O enorme volume de material obtido e a gigantesca riqueza de detalhes do tema impediram que
este trabalho fosse mais conciso e menos extenso. Definitivamente, não era objetivo inicial redigir uma
monografia. Apesar disso, posso assegurar que houve uma compactação vigorosa do que se tem a dizer. E
há muito a dizer, além do que já foi dito. João Cruz Costa dedica 140 páginas ao tema do Positivismo na
sua "Contribuição à História das Idéias no Brasil", sem contar outros livros específicos sobre a doutrina
comtista. Werneck Sodré faz detalhamentos minuciosos dos jornais e jornalistas, objetos desta pesquisa,
em sua "História da Imprensa no Brasil". E toda a tese do engodo republicano está nas 60 páginas de
Leôncio Basbaum ("História Sincera da República", vol. I) e Manoel Maurício de Albuquerque ("Pequena
História da Formação Social Brasileira") sobre o período. Sem contar as obras-chave como "Os
Bestializados: o Rio de Janeiro e a República Que Não Foi", de José Murilo de Carvalho, "Os Militares e a
República", de Celso Castro, e "Deodoro: a Espada contra o Império", de Roberto Magalhães Jr., que não
puderam ser usadas diretamente — mas estavam presentes nas bibliografias das obras consultadas.
Enfim, por mais extenso que pareça, o assunto está longe de ser esgotado.
O fato é que...
Desde 1870, com o fim dos combates da guerra do Paraguai e o retorno das tropas do Exército, os
jornais da Corte Imperial passaram a falar avidamente em república. Mas falavam onde ela não havia, como
se faltasse em vez de nunca ter sido. Durante os dezenove anos seguintes, e principalmente os eventos dos
dias 14, 15, 16 e 17 de novembro de 1889, é aos jornais que caberá a insólita tarefa de fazer nascer uma
república no coração de um Império. A despeito da apatia político-ideológica da imensa maioria da
população, os jornais dirão que a iminência do regime republicano é um fato; a república é premente; a
monarquia está caindo de podre; entre outras palavras de ordem que a historiografia, até a época
contemporânea, não se cansa de repetir.
A despeito de embustes e falcatruas, houve mesmo no Brasil, no último terço do século XIX, uma
movimentação política — e de fragmentadas bases ideológicas — em favor da mudança de sistema de
governo.
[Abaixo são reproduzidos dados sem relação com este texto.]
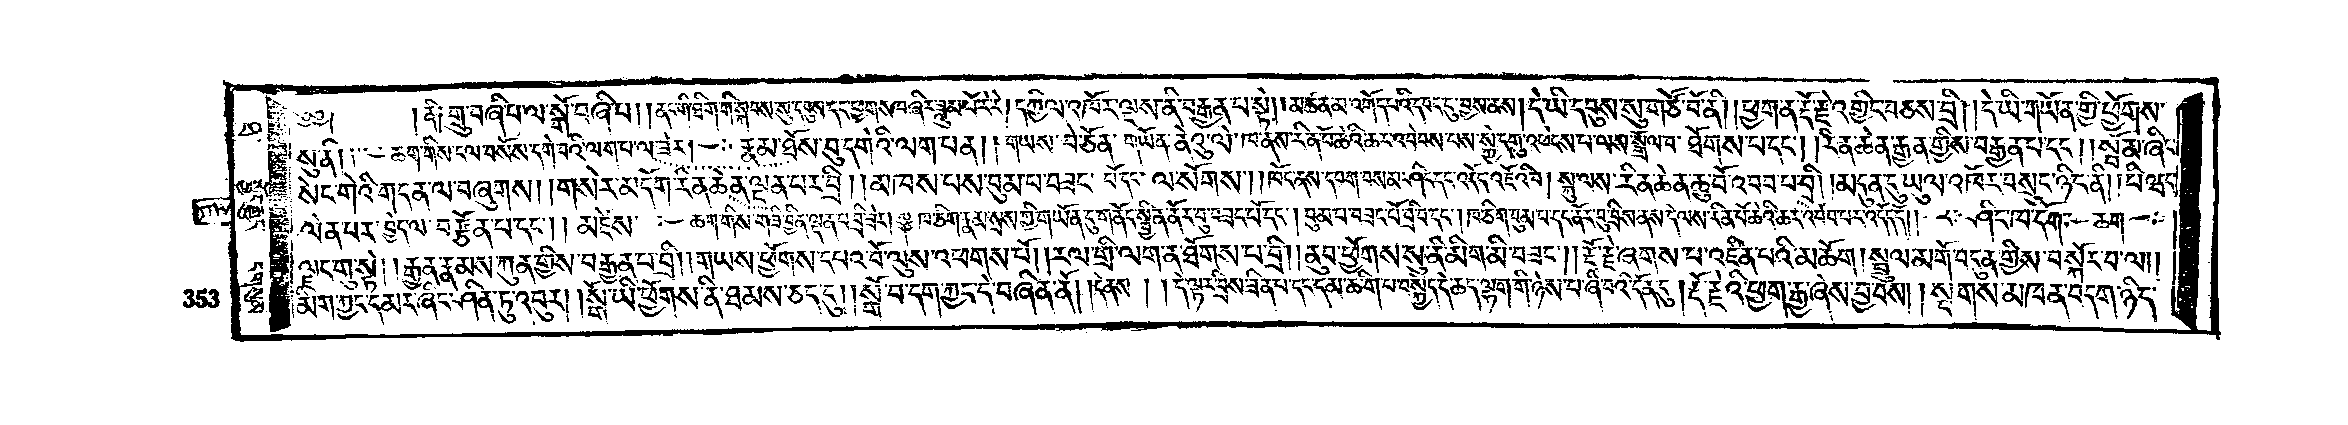༄༅། །ནི། གྲུ་བཞི་པ་ལ་སྒོ་བཞི་པ། །ནང་གི་ཐིག་གི་སྐབས་སུ་དབུས་དང་ཕྱགས་བཞིར་ཟླུམ་པོ་རེ་རེ། དཀྱིལ་འཁོར་ལྔས་ནི་བརྒྱན་པ་སྟེ། །མཚན་མ་འགོད་པའི་དབང་དུ་བྱས་ནས།  དེ་ཡི་དབུས་སུ་གཙོ་བོ་ནི། །ཕྱག་ན་རྡོ་རྗེ་འགྱིང་བཅས་བྲི། །དེ་ཡི་གཡོན་གྱི་ཕྱོགས་
སུ་ནི། །H.་ཆག་གིས་ངལ་བསོས་དགེ་བའི་ལག་པ་ལ་ཟེར། .Hརྣམ་ཐོས་བུ་དགེའི་ལག་པ་ན། །གཡས་བེ་ཅོན་གཡོན་ནེའུ་ལེ་ཁ་ནས་རིན་པོ་ཆེའི་ཆར་འབེབས་པས་སྐྱེ་དགུ་འཕོངས་པ་ལས་སྒྲོལ་བ་ཐོགས་པ་དང་། །རིན་ཆེན་རྒྱན་གྱིས་བརྒྱན་པ་དང་། །སྦོམ་ཞིང་
སེང་གེའི་གདན་ལ་བཞུགས། །གསེར་མདོག་རིན་ཆེན་ལྡན་པར་བྲི། །མཁས་པས་བུམ་པ་བཟང་པོ་དང་ལ་སོགས། །ཁོང་ནས་དཔག་བསམ་ཤིང་དང་འདོད་འཇོའི་བ། སྐུ་ལས་རིན་ཆེན་ཆུ་བོ་འབབ་པ་བྲི། །མདུན་དུ་ཡུལ་འཁོར་བསྲུང་ཉིད་ནི། །པི་ཝང་
ལེན་པར་བྱེད་ལ་བརྩོན་པ་དང་། །མཛེས་H.་ཆག་གིས་གཟི་བྱིན་ལྡན་པ་བྲི་ཟེར། ༈ ཁ་ཅིག་རྣམ་སྲས་ཀྱི་གཡོན་དུ་གནོད་སྦྱིན་ནོར་བུ་བཟང་པོ་དང་། བུམ་པ་བཟང་པོ་བྲི་བ་དང་། ཁ་ཅིག་བུམ་པ་དང་ནོར་བུ་བྲིས་ནས་དེ་ལས་རིན་པོ་ཆེའི་ཆར་འབེབ་པར་འདོད་དོ།།  ཤིང་ཁ་དོག་H.་ཆག་.H
ལྗང་གུ་སྟེ། །རྒྱན་རྣམས་ཀུན་གྱིས་བརྒྱན་པ་བྲི། །གཡས་ཕྱོགས་དཔའ་བོ་ལུས་འཕགས་པོ། །རལ་གྲི་ལག་ན་ཐོགས་པ་བྲི། །ནུབ་ཕྱོགས་སུ་ནི་མིག་མི་བཟང་། །རྡོ་རྗེ་ཞགས་པ་འཛིན་པའི་མཆོག །སྤྲུལ་མགོ་བདུན་གྱིས་བསྐོར་བ་ལ། །
མིག་ཀྱང་དམར་ཞིང་ཤིན་ཏུ་འབུར། །སྒོ་ཡི་ཕྱོགས་ནི་ཐམས་ཅད་དུ། །སྒོ་བ་དག་ཀྱང་དེ་བཞིན་ནི། ། དེ་ནས། །དེ་ལྟར་བྲིས་ཟིན་པ་དང་དམ་ཚིག་པ་བསྐྱེད་དེ་ཆད་ལྷག་གི་ཉེས་པ་ཞི་བའི་དོན་དུ།  རྡོ་རྗེའི་ཕྱག་རྒྱ་ཞེས་བྱ་བས། །སྔགས་མཁན་བདག་ཉིད་

Mas a real dimensão que tal movimento teve, em números e poder efetivo, foi algumas vezes
amplificada pela lupa dos jornais republicanos.
É realmente difícil NÃO recorrer a Leôncio Basbaum, que tão bem sintetiza o que foi constatado na
pesquisa aos jornais:
"Este rápido bosquejo através da história da formação dos Partidos e Clubes
republicanos durante o Império nos permite concluir: 1. o) que de fato não havia
uma tradição republicana no Brasil como querem alguns autores. É mais um dos
falsos mitos de que impregnaram a nossa história; 2. o) que a República não era
uma aspiração popular. Os resultados dos embates eleitorais em que se meteram
os chefes republicanos antes de 15 de Novembro, o número de clubes e dos
membros desses clubes, são fatos bastante expressivos. A grande maioria do

47
povo não se interessava pelos Partidos ou Clubes republicanos. 'O grupo
republicano, por ocasião de 89, diz Oliveira Viana, era uma minoria relativamente
insignificante, disseminada pelo país, tendo como centros de maior atividade o Rio
e São Paulo'."90

A presença dos positivistas nesse imbroglio que se chamou a "proclamação da República" não pode
ser desconsiderada. Influenciaram o jovem oficialato, inculcando neles um conceito de "dever patriótico"
para o intervencionismo, que se repete em 1930, 1964 e até os dias de hoje é a base do pensamento típico
do Exército Brasileiro. Este doutrinamento foi levado a cabo principalmente por Benjamin Constant. Mas não
teria ocorrido golpe nenhum se os positivistas não tivessem entrado em acordo com o poder econômico dos
cafeeiros, que desejavam república sem revolta popular. Em resumo, coube-lhes levar ao pé da letra uma
das (inúmeras) máximas de Auguste Comte: "Satisfazer os pobres, mas mantendo os ricos".
Sobre o novo regime que se instituía, Bernardo Joffily comentou: "Como o Império, tem sua
'constituição não escrita', que entrega ao Exército o poder moderador de fato." Ou seja, o novo regime
implantado substitui o equilíbrio pacificador da Coroa pelos tecnocratas da Espada. Esse exercício militar do
poder dinástico só será eliminado, em última análise, com a Constituição de 1988.
"A Assembléia eleita em 15.set.1890 representa uma renovação de 85% ante o
Parlamento Imperial. "O republicanismo revolucionário, hostil a uma 'monarquia
sem imperador', é marginalizado: Silva Jardim [1860-1891], seu líder, não se
elege. Predomina o republicanismo evolucionista, com uma ala jacobina, de civis e
militares saídos das camadas médias urbanas, e outra realista (Prudente de
Morais, Campos Sales), ligada à grande lavoura. A bancada positivista é diminuta
mas ativa (Demétrio Ribeiro, João Pinheiro, Júlio de Castilhos). Há 'os
republicanos de 16/11'. E até o Conselheiro Saraiva, esteio do Império, elege-se
senador pela Bahia." (Brasil 500 Anos/IstoÉ)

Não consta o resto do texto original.